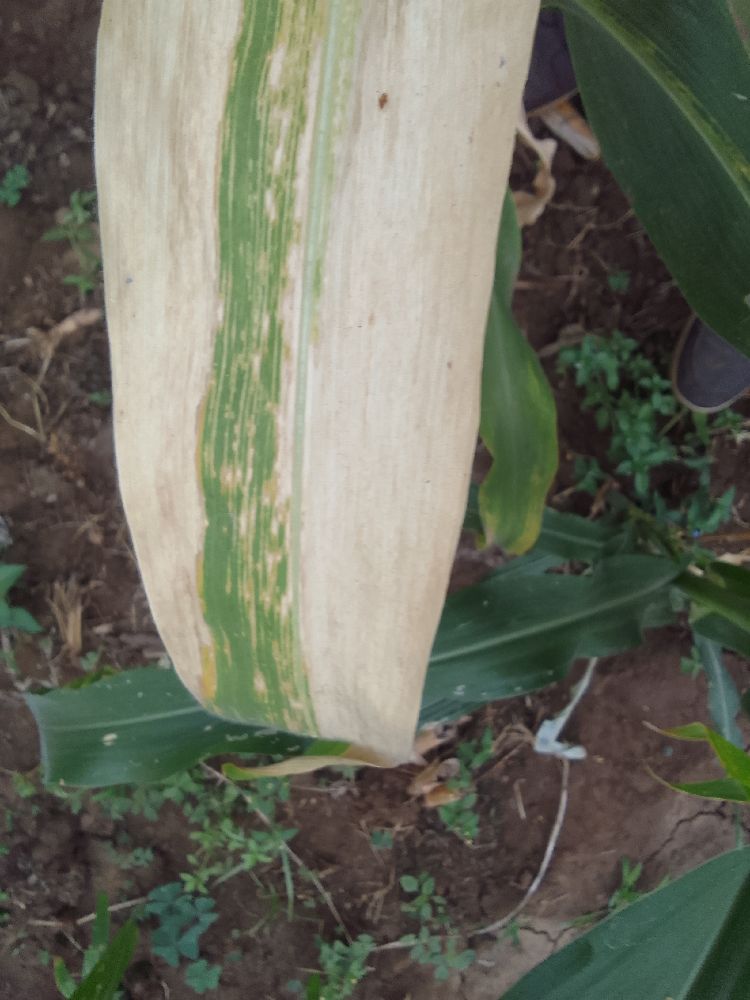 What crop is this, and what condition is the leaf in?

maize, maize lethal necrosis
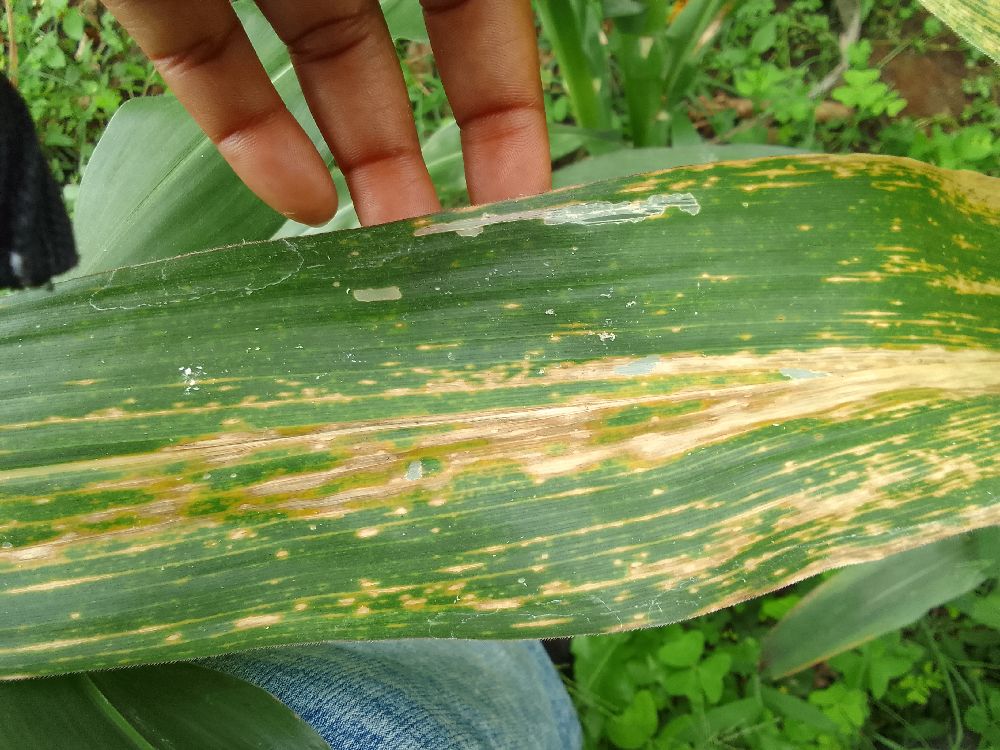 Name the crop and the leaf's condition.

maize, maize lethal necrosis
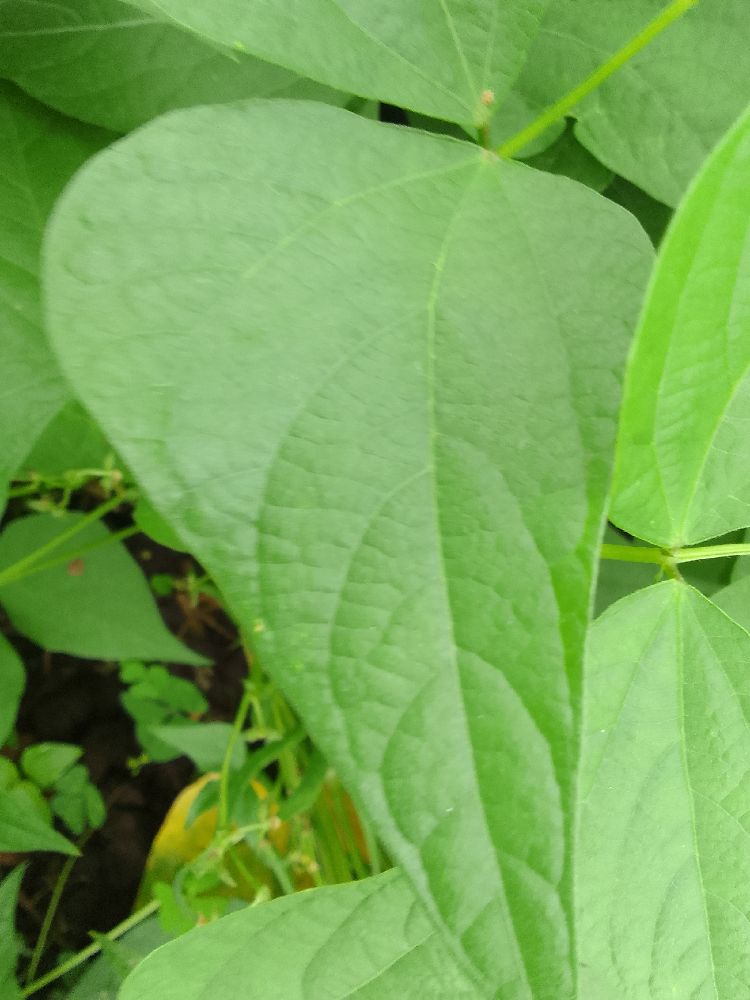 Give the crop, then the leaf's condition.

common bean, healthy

***

:: TRY IT ::
If a picture falls within the span, leave it out, and reproduce exactly the lines from the one containing "Name the crop and the leaf's condition." through the end of the material, and no others.

:: EXERCISE OUTPUT ::
 Name the crop and the leaf's condition.

maize, maize lethal necrosis
 Give the crop, then the leaf's condition.

common bean, healthy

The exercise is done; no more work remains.